Task brief: From the first line to the last, retype the records exactly and skip the pictures.

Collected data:
-.-.-

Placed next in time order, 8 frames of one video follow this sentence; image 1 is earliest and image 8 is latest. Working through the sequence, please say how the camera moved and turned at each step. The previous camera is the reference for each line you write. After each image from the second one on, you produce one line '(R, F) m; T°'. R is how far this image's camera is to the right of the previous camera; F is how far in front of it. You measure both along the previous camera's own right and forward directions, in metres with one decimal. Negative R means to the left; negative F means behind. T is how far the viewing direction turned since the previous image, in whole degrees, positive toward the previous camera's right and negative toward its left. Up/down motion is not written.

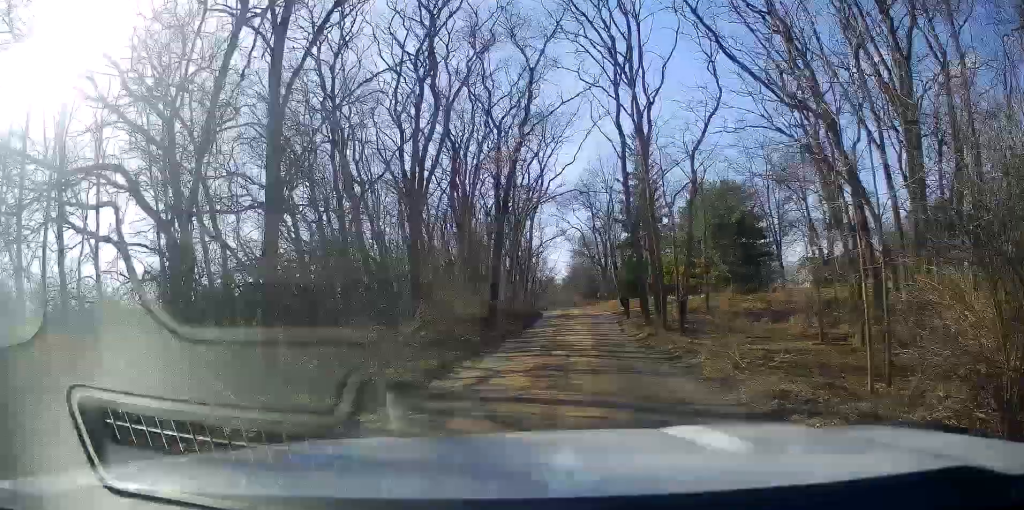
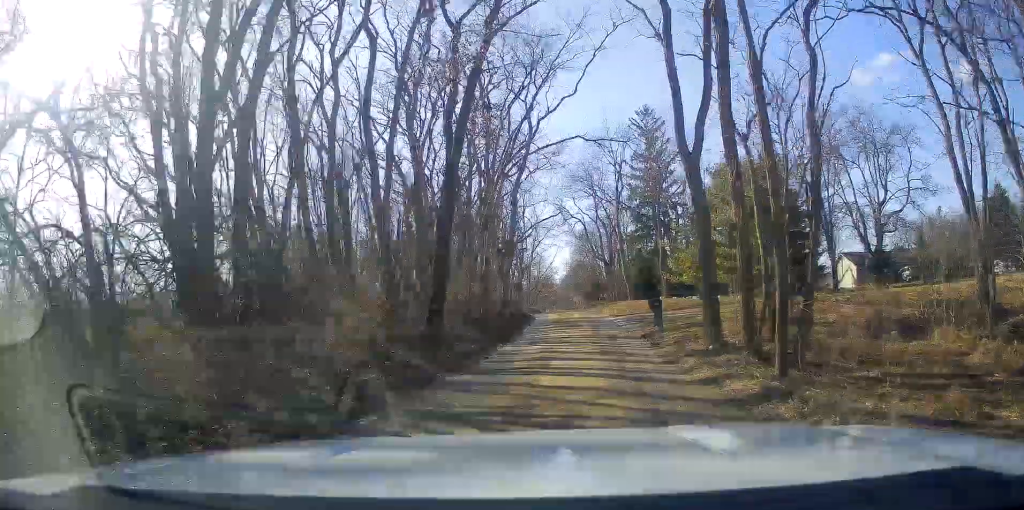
(+0.8, +13.8) m; +2°
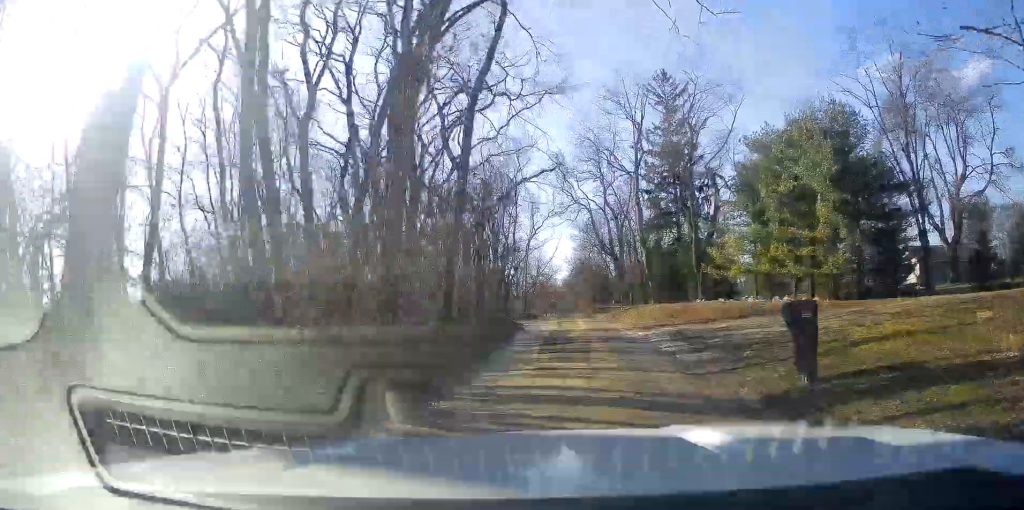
(-0.2, +15.1) m; 0°
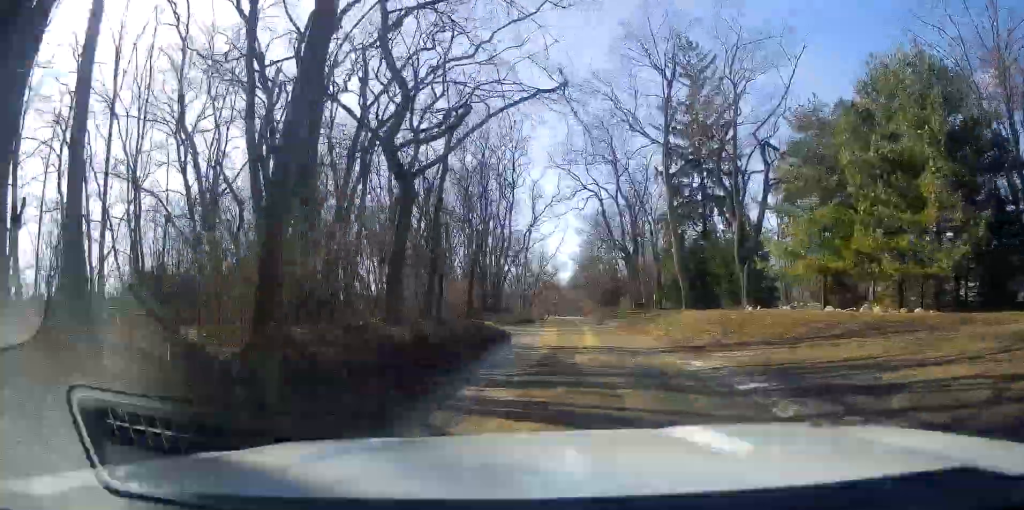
(+0.2, +10.3) m; +1°
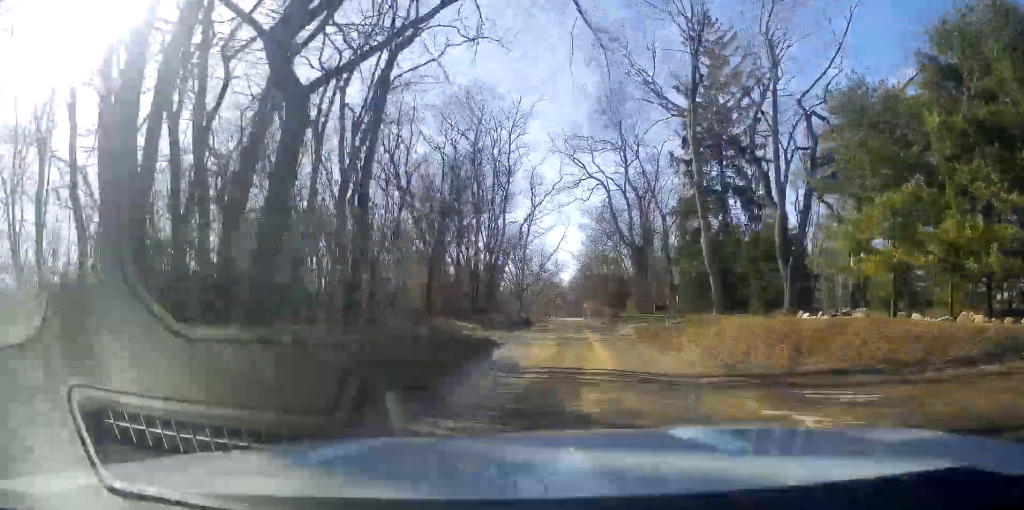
(-0.1, +6.7) m; 0°
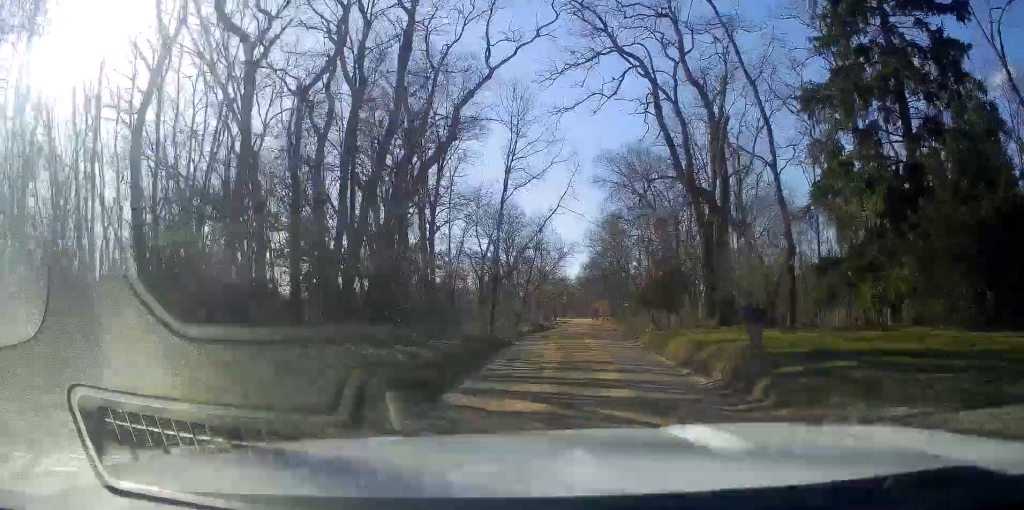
(-0.7, +33.1) m; -2°
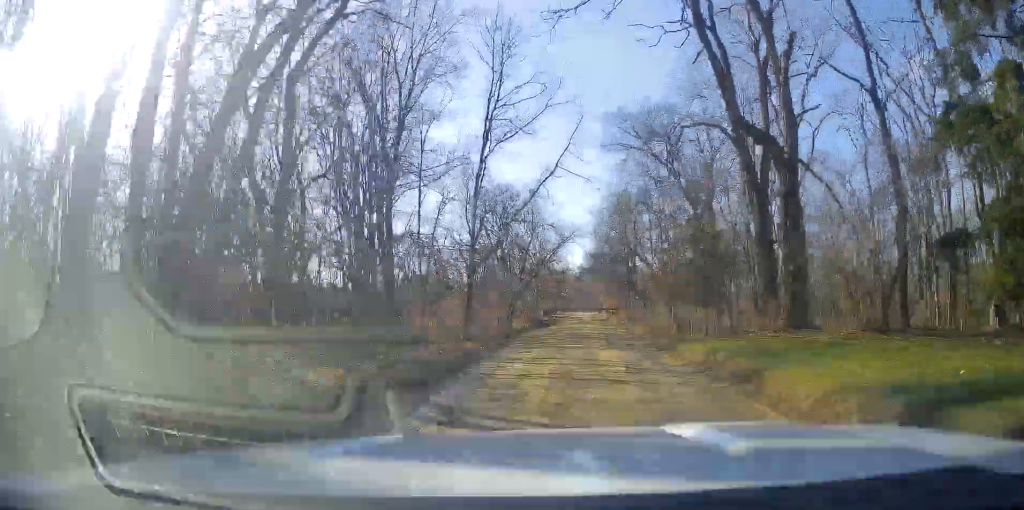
(-0.1, +10.9) m; 0°
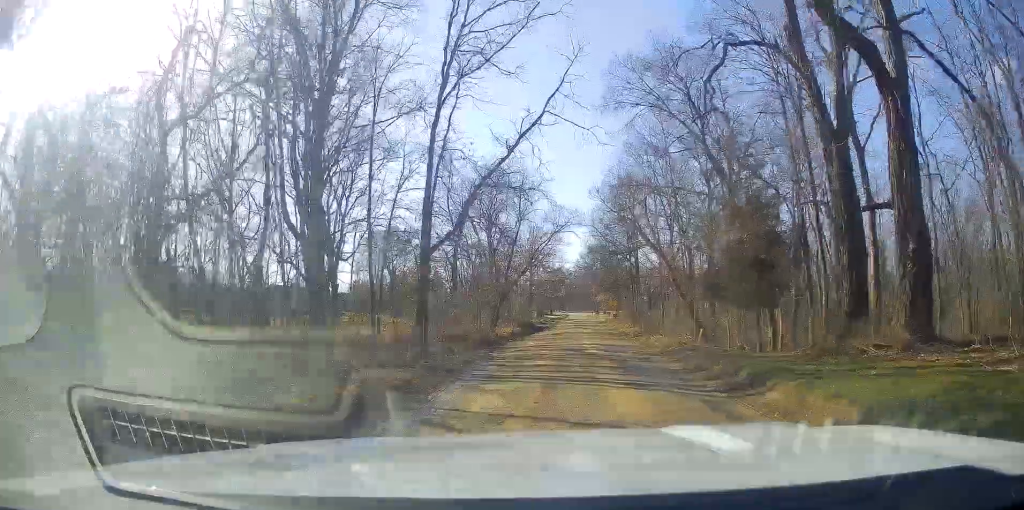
(0.0, +9.3) m; 0°

-.-.-

Result for this exercise:
Placed next in time order, 8 frames of one video follow this sentence; image 1 is earliest and image 8 is latest. Working through the sequence, please say how the camera moved and turned at each step. The previous camera is the reference for each line you write. After each image from the second one on, you produce one line '(R, F) m; T°'. R is how far this image's camera is to the right of the previous camera; F is how far in front of it. You measure both along the previous camera's own right and forward directions, in metres with one decimal. Negative R means to the left; negative F means behind. T is how far the viewing direction turned since the previous image, in whole degrees, positive toward the previous camera's right and negative toward its left. Up/down motion is not written.

(+0.8, +13.8) m; +2°
(-0.2, +15.1) m; 0°
(+0.2, +10.3) m; +1°
(-0.1, +6.7) m; 0°
(-0.7, +33.1) m; -2°
(-0.1, +10.9) m; 0°
(0.0, +9.3) m; 0°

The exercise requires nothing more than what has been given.